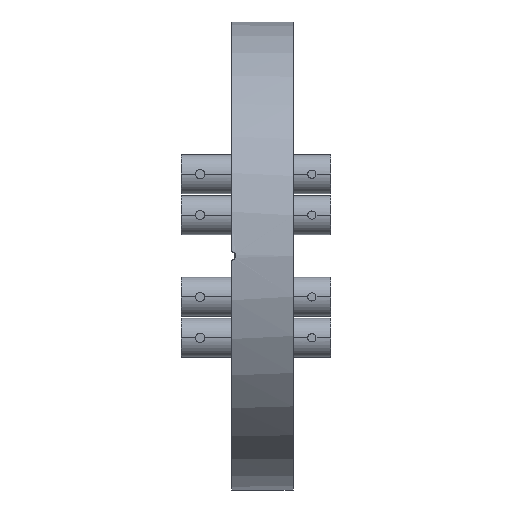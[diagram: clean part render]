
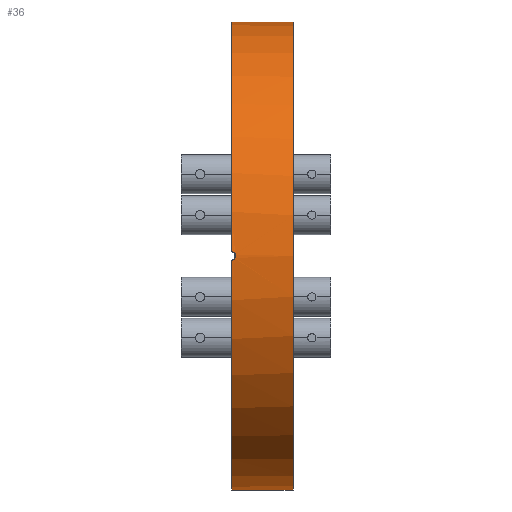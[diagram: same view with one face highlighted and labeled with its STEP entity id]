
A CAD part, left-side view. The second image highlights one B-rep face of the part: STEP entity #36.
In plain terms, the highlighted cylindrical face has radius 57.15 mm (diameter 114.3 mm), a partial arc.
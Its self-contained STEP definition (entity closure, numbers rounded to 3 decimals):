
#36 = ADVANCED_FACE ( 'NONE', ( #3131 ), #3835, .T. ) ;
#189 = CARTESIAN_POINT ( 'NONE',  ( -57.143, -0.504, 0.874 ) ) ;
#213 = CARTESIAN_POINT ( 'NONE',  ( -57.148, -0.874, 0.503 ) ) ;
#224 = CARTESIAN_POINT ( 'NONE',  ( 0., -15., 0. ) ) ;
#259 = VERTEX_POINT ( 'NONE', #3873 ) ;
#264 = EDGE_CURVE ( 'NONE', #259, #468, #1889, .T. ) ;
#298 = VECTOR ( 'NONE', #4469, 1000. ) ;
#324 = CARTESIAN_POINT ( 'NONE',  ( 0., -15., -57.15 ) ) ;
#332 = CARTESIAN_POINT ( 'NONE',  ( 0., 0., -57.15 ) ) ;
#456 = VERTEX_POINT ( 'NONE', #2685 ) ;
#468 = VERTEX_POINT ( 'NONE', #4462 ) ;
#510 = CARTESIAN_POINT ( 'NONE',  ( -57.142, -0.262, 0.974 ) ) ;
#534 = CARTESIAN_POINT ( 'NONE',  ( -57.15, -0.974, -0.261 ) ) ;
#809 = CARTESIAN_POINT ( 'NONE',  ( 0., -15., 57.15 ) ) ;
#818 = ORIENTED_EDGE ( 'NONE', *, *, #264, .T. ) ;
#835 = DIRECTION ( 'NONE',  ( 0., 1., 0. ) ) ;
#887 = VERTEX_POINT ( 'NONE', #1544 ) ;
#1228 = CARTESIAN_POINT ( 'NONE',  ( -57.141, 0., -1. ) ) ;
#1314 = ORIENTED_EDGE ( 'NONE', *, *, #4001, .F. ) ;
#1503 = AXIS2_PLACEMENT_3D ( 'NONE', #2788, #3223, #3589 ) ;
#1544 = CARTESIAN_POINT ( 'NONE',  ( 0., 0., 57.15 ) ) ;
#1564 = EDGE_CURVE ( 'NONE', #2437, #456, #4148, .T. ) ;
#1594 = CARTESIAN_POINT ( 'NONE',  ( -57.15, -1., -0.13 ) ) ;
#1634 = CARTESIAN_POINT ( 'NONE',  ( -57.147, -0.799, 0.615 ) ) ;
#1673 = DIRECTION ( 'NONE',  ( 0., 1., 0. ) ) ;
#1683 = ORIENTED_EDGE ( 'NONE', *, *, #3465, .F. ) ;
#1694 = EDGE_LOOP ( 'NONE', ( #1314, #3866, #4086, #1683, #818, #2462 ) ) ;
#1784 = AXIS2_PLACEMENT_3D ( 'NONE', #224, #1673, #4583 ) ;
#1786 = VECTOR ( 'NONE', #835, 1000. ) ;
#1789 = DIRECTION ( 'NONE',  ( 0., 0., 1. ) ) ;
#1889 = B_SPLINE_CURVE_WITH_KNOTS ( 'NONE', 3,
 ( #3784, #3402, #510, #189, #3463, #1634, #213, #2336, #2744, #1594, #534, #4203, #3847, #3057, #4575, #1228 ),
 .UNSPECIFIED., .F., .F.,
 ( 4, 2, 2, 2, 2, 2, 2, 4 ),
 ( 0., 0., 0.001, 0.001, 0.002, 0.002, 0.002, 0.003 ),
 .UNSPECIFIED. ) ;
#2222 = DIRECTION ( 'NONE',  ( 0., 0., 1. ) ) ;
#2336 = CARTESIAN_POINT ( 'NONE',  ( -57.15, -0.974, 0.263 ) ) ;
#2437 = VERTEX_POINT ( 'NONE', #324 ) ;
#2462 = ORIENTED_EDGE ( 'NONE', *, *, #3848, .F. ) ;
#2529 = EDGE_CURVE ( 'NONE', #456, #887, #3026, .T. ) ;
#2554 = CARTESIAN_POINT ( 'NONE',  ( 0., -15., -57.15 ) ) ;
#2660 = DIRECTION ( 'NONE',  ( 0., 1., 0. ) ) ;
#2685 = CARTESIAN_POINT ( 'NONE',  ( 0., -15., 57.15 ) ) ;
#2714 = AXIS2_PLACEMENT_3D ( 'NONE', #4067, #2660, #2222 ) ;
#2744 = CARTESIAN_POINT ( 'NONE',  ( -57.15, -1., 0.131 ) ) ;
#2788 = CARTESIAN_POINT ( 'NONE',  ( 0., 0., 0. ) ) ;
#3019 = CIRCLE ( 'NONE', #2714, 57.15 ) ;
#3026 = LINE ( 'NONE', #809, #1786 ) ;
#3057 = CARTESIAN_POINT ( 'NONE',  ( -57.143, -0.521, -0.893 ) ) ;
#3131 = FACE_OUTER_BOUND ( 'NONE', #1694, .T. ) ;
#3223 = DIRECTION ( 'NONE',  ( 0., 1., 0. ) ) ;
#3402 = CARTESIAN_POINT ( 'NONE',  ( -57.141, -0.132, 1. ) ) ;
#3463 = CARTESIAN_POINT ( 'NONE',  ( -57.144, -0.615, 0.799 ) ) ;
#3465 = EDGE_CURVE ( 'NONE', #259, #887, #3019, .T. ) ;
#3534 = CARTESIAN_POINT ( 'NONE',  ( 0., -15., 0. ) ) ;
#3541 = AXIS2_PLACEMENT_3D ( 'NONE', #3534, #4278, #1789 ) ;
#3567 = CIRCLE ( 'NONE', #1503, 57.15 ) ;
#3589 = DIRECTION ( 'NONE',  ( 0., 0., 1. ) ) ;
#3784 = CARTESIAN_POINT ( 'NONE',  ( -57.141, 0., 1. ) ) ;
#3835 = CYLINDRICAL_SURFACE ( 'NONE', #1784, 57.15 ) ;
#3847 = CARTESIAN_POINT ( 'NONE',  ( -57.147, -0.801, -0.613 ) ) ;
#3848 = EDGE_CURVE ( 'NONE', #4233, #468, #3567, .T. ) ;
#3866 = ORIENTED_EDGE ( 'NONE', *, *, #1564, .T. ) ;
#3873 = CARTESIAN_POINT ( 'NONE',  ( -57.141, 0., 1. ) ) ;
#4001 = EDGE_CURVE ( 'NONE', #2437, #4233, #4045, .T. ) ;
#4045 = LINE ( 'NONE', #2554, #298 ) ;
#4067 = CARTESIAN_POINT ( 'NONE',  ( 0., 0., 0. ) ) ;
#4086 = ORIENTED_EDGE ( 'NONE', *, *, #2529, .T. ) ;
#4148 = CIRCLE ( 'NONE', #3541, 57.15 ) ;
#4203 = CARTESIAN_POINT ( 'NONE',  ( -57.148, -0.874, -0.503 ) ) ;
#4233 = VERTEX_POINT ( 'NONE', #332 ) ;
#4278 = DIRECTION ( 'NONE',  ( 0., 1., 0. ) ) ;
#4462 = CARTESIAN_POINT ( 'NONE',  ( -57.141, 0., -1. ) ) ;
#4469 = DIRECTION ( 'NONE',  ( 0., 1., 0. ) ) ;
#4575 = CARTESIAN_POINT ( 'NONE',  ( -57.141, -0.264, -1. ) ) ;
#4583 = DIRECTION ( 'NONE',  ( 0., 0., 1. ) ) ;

◆ **TASK**
Scan the listing above and tally the lines that include the string "CIRCLE". Write the total and nothing more.

◆ **TASK SOLUTION**
3